Have you ever wondered how accurate AI-generated text really is? While ChatGPT has amazed us all with its depth of knowledge and fluency in responses, there’s one major issue holding it back: hallucinations.
Hallucinations, a term coined by Google AI researchers in 2018, refer to mistakes in AI-generated text that are plausible but incorrect or nonsensical. The AI system produces content that looks great but cannot be trusted, creating challenges for applications like OpenAI’s Codex or Github’s Copilot in generating code.

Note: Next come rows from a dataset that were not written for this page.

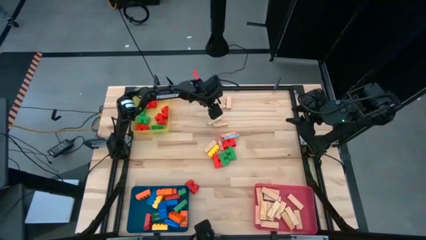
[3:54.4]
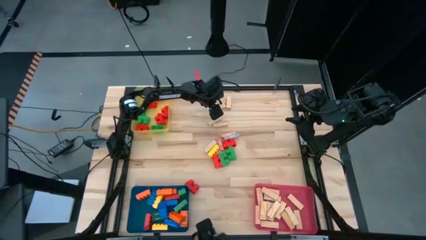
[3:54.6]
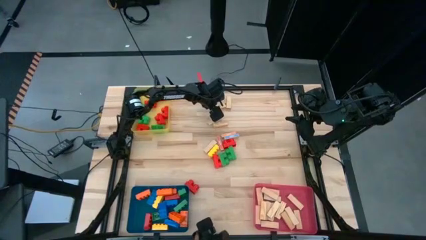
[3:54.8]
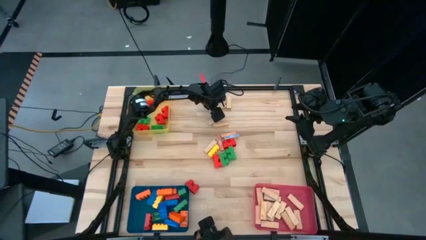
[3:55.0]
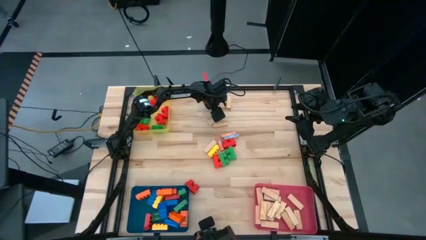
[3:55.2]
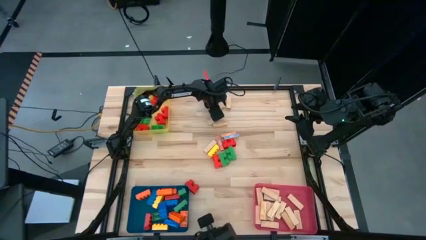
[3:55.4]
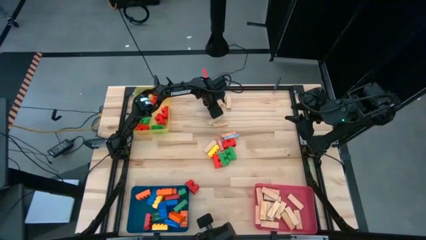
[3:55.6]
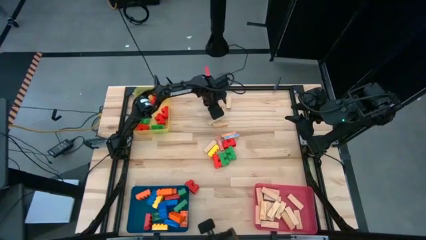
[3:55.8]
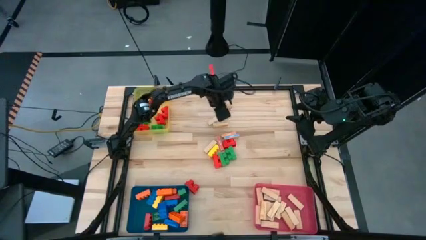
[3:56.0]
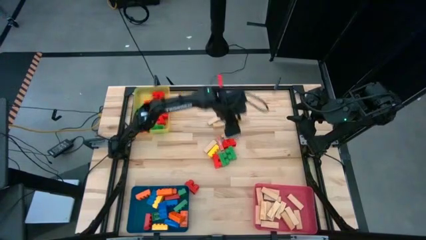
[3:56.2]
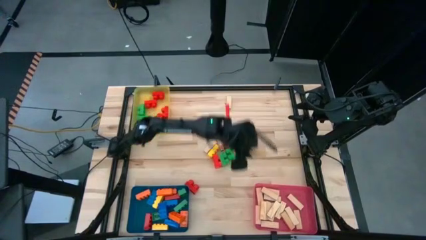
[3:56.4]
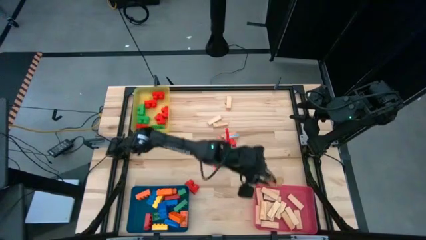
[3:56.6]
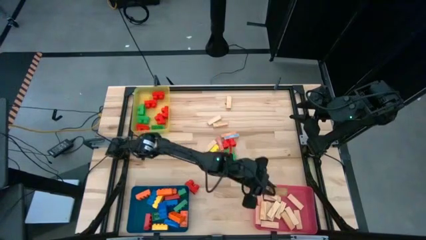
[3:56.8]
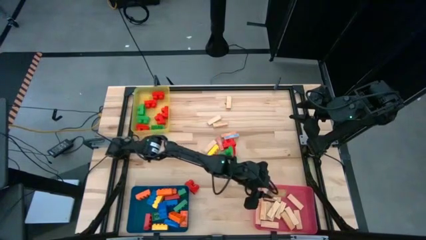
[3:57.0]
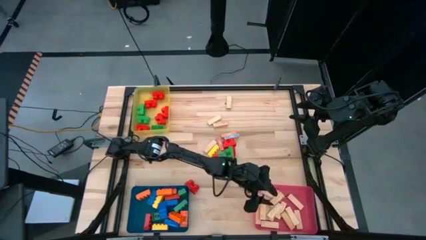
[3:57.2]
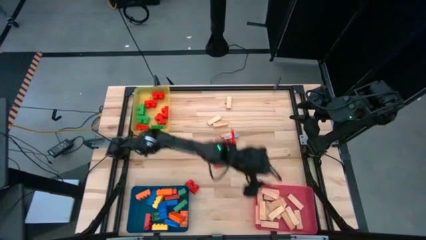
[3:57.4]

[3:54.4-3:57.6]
Put the wooden block into the red bin

Even high school students have to be cautious when using ChatGPT for book reports or essays, as they may contain erroneous “facts.”
Leading AI Researchers Disagree on Hallucinations
As reported in IEEE Spectrum, OpenAI’s Chief Scientist, Ilya Sutskever, believes that hallucinations can be eliminated over time by improving reinforcement learning with human feedback (RLHF), a technique pioneered by OpenAI and Google’s DeepMind. The iterative process of RLHF involves a human evaluator checking ChatGPT’s responses and updating the AI model based on their feedback.
Deep learning pioneer Yann LeCun has argued that there’s a more fundamental flaw causing hallucinations. He believes large language models (LLMs) need to learn from observation to acquire nonlinguistic knowledge, which is essential for understanding the underlying reality of language.
“Large language models have no idea of the underlying reality that language describes,” Lecun is quoted as saying in the IEEE article. “There is a limit to how smart they can be and how accurate they can be because they have no experience of the real world.”
Sutskever, on the other hand, argues that text already contains all the necessary knowledge about the world. He believes abstract ideas can still be learned from text, given the billions of words used to train LLMs like ChatGPT: “Our pretrained models already know everything they need to know about the underlying reality,” he said.
Mathew Lodge, CEO of Diffblue, reportedly thinks problems can be more accurately solved by “traditional” ML reinforcement learning systems than LLMs at a fraction of the cost, especially when dealing with complex, error-prone tasks. Many engineers have since come to agree that LLMs are best used when errors and hallucinations are not high impact.
It remains to be seen if RLHF can eliminate hallucinations in LLMs. In the meantime, the usefulness of these models in generating precise outputs is still limited.
Sutskever remains optimistic, believing that improved generative models will have a deep understanding of the world as seen through the lens of text.
Updated 5/27/2025
Since that interview, the most effective safeguard has been retrieval‑augmented generation (RAG). That’s where a model is forced to ground each answer in a small bundle of documents pulled from an external search.
Enterprise teams that swapped “pure” GPT outputs for a RAG pipeline reported double‑digit drops in error rates, and researchers found the same in controlled tests. The idea has become mainstream. Microsoft, Google, Amazon, Nvidia, and Cohere all ship RAG toolkits, and Patrick Lewis (one of the original RAG authors) now leads a group at Cohere focused on source‑cited responses.
Nvidia’s Jensen Huang even called hallucinations “very solvable” once RAG is in the loop.
A second line of defense is self‑reflection. After drafting an answer, the model is prompted to critique its own reasoning and regenerate anything it flags as dubious. An EMNLP 2023 paper showed that a single reflection pass cut false statements in medical Q & A by more than 30 percent.
External tool calling attacks the same problem from another angle. A Meta AI research model called Toolformer (pdf paper here) showed that letting an LLM delegate math, code execution, or search queries to specialized APIs noticeably trimmed hallucinations, especially in numeric or domain‑specific answers. Follow‑up work on “reliability alignment” teaches models to decide when a tool call is actually needed, further reducing mistaken invocations.
Finally – and this might be one of the bigger developments in reliability of LLMs in terms of practical applications – developers are taming free‑form text with hard output constraints. By providing a JSON schema or function signature in the system prompt and refusing anything that violates it, applications can reject or auto‑repair ill‑formed content.